Spark Guide
Also available as:
PDF
loading table of contents...

WordCount Program

WordCount is a simple program that counts how often a word occurs in a text file. The code builds a dataset of (String, Int) pairs called counts, and saves the dataset to a file.

The following example submits WordCount code to the scala shell:

  1. Select an input file for the Spark WordCount example. You can use any text file as input.

  2. Log on as a user with HDFS access--for example, your spark user (if you defined one) or hdfs.

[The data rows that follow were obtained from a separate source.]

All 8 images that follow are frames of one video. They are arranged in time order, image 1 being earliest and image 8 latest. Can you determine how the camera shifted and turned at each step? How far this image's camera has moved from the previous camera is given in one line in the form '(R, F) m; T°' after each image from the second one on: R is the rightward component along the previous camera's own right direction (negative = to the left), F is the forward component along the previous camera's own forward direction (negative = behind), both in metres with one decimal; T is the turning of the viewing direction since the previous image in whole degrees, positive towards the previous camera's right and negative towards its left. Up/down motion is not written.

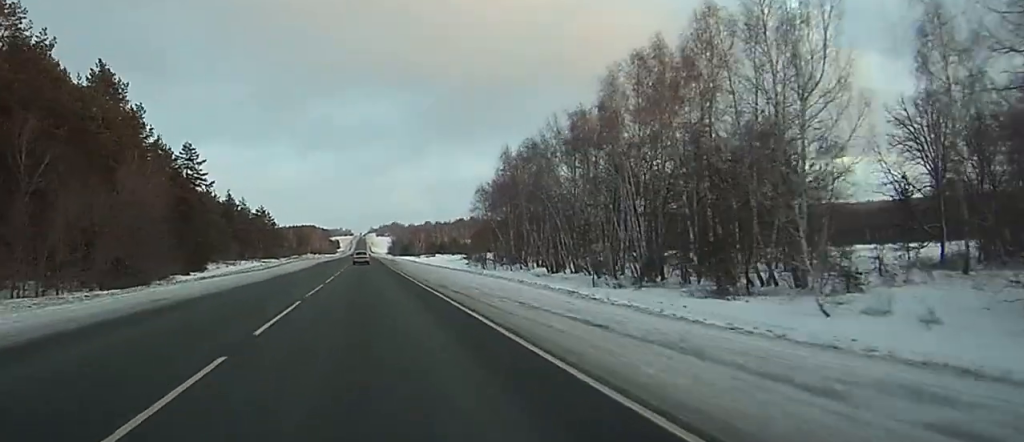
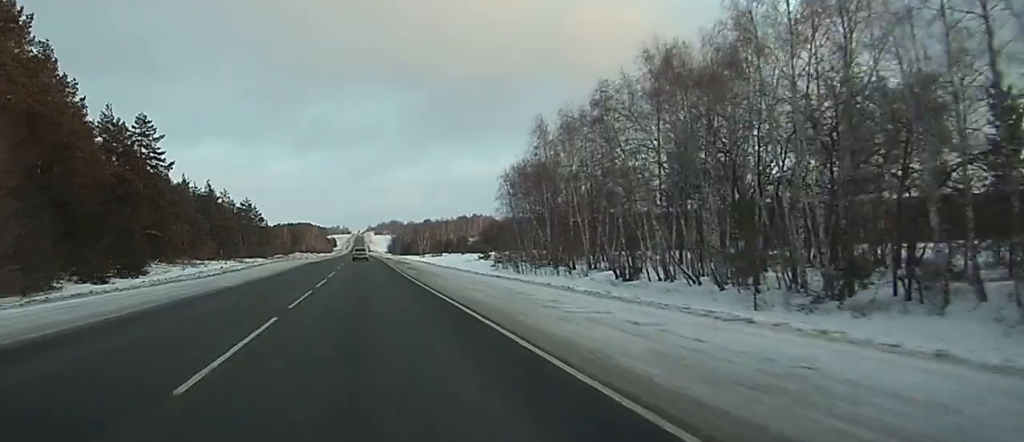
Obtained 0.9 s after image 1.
(-0.1, +29.3) m; 0°
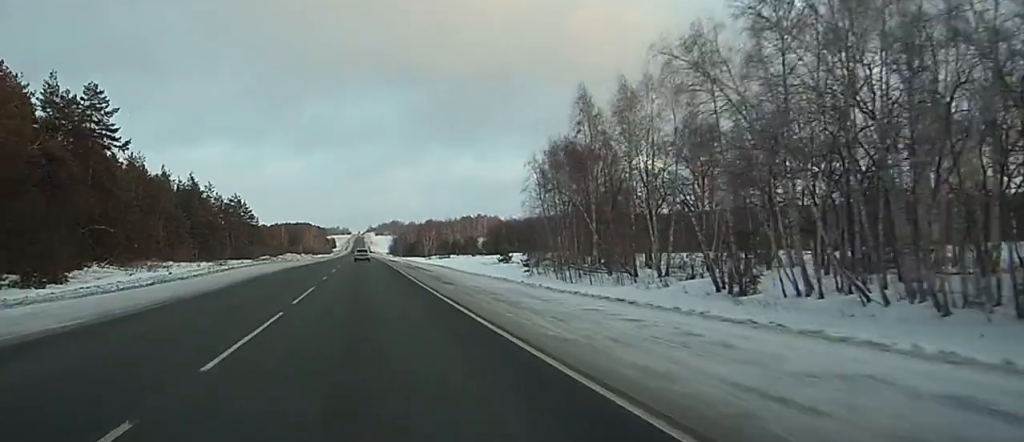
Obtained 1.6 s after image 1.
(-0.1, +22.2) m; 0°
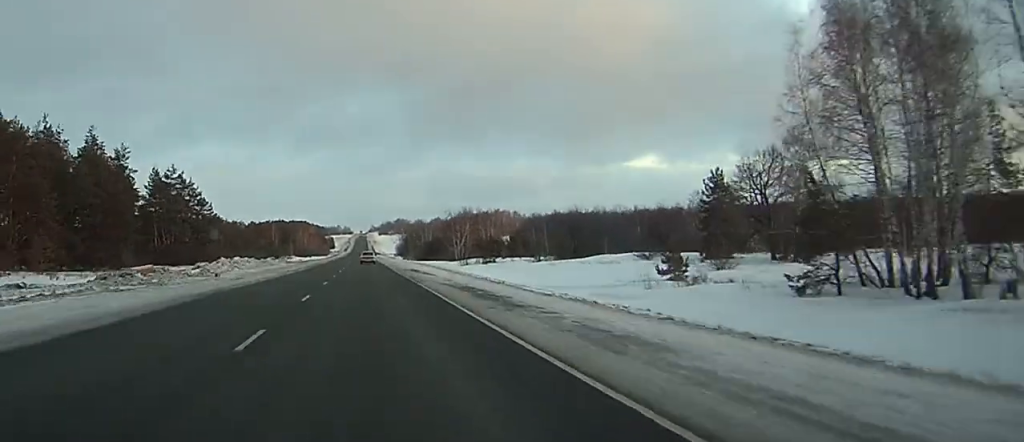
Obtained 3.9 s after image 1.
(+0.2, +74.3) m; 0°
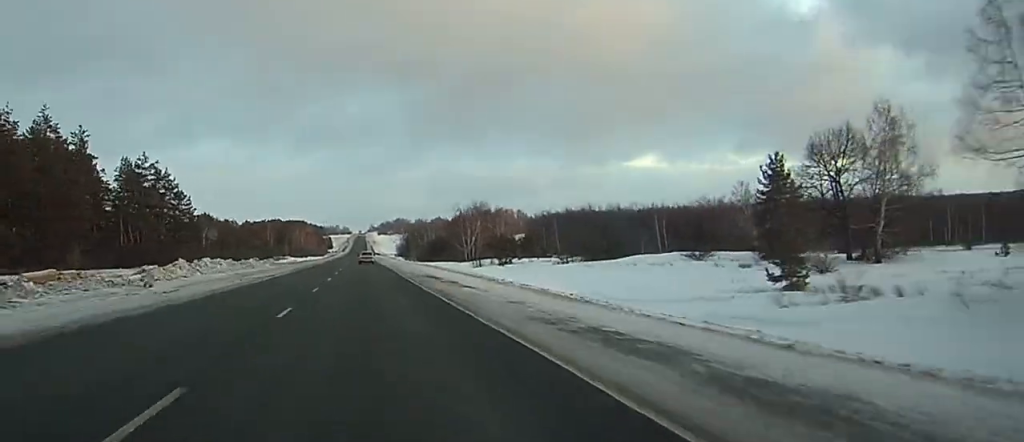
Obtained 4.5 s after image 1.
(0.0, +18.5) m; 0°
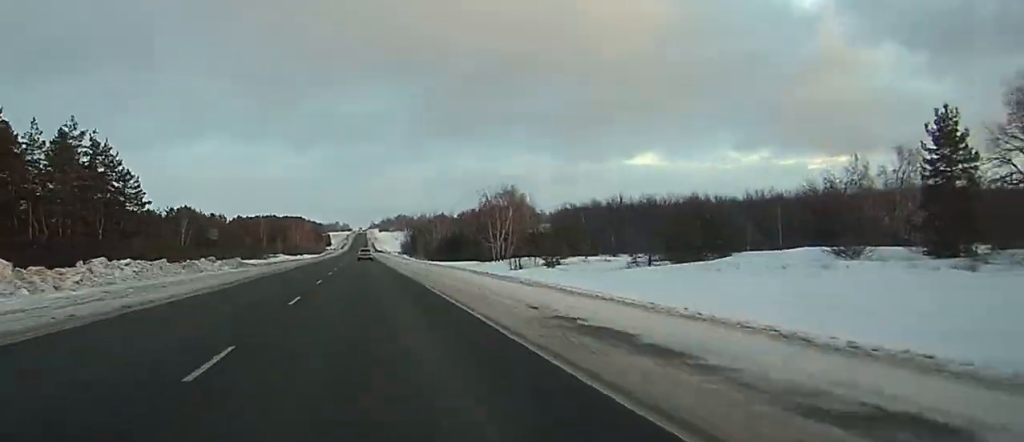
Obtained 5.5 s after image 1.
(0.0, +32.8) m; 0°
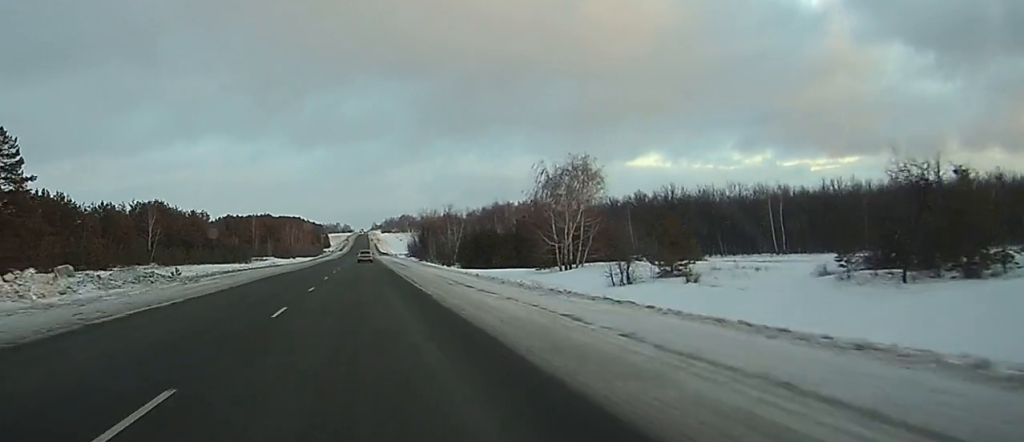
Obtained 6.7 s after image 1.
(-0.3, +39.3) m; -1°
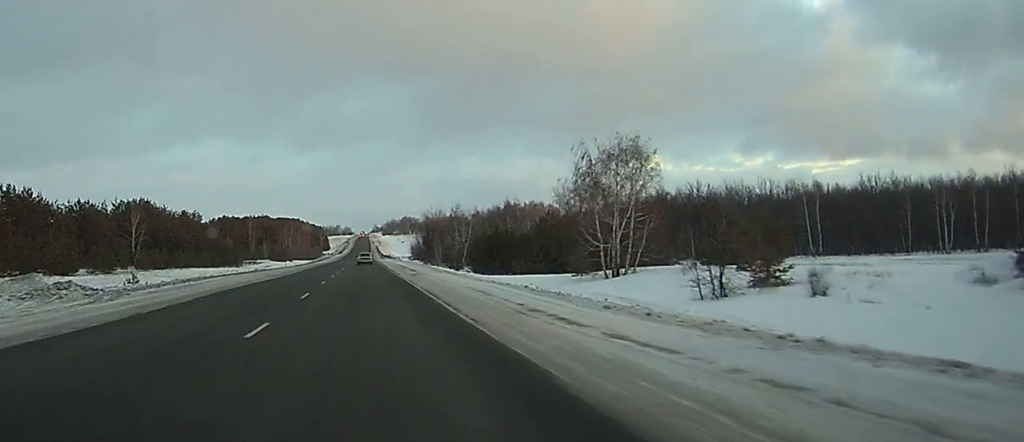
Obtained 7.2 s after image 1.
(-0.1, +15.3) m; 0°

    The following example uses log4j.properties as the input file:

    cd /usr/hdp/current/spark-client/

    su spark

  3. Upload the input file to HDFS:

    hadoop fs -copyFromLocal /etc/hadoop/conf/log4j.properties /tmp/data

  4. Run the Spark shell:

    ./bin/spark-shell --master yarn-client --driver-memory 512m --executor-memory 512m

    You should see output similar to the following:

    16/08/02 19:33:26 INFO SecurityManager: Changing view acls to: spark
    
    Welcome to
          ____              __
         / __/__  ___ _____/ /__
        _\ \/ _ \/ _ `/ __/  '_/
       /___/ .__/\_,_/_/ /_/\_\   version 1.6.2
          /_/
    
    Using Scala version 2.10.5 (Java HotSpot(TM) 64-Bit Server VM, Java 1.8.0_60)
    Type in expressions to have them evaluated.
    Type :help for more information.
    16/08/02 19:33:30 INFO SparkContext: Running Spark version 1.6.2
    16/08/02 19:33:38 INFO EventLoggingListener: Logging events to hdfs:///spark-history/application_1459984611485_0009
    ...
    Spark context available as sc.
    ...
    16/08/02 19:33:42 INFO HiveContext: Initializing execution hive, version 1.2.1
    16/08/02 19:34:00 INFO HiveContext: Initializing HiveMetastoreConnection version 1.2.1 using Spark classes.
    16/08/02 19:34:00 INFO ClientWrapper: Inspected Hadoop version: 2.7.1.2.4.2.0-130
    16/08/02 19:34:00 INFO ClientWrapper: Loaded org.apache.hadoop.hive.shims.Hadoop23Shims for Hadoop version 2.7.1.2.4.2.0-130
    16/08/02 19:34:01 INFO metastore: Trying to connect to metastore with URI thrift://green2:9083
    16/08/02 19:34:01 INFO metastore: Connected to metastore.
    SQL context available as sqlContext.
    
    scala> 
  5. At the scala> prompt, submit the job: type the following commands, replacing node names, file name and file location with your own values.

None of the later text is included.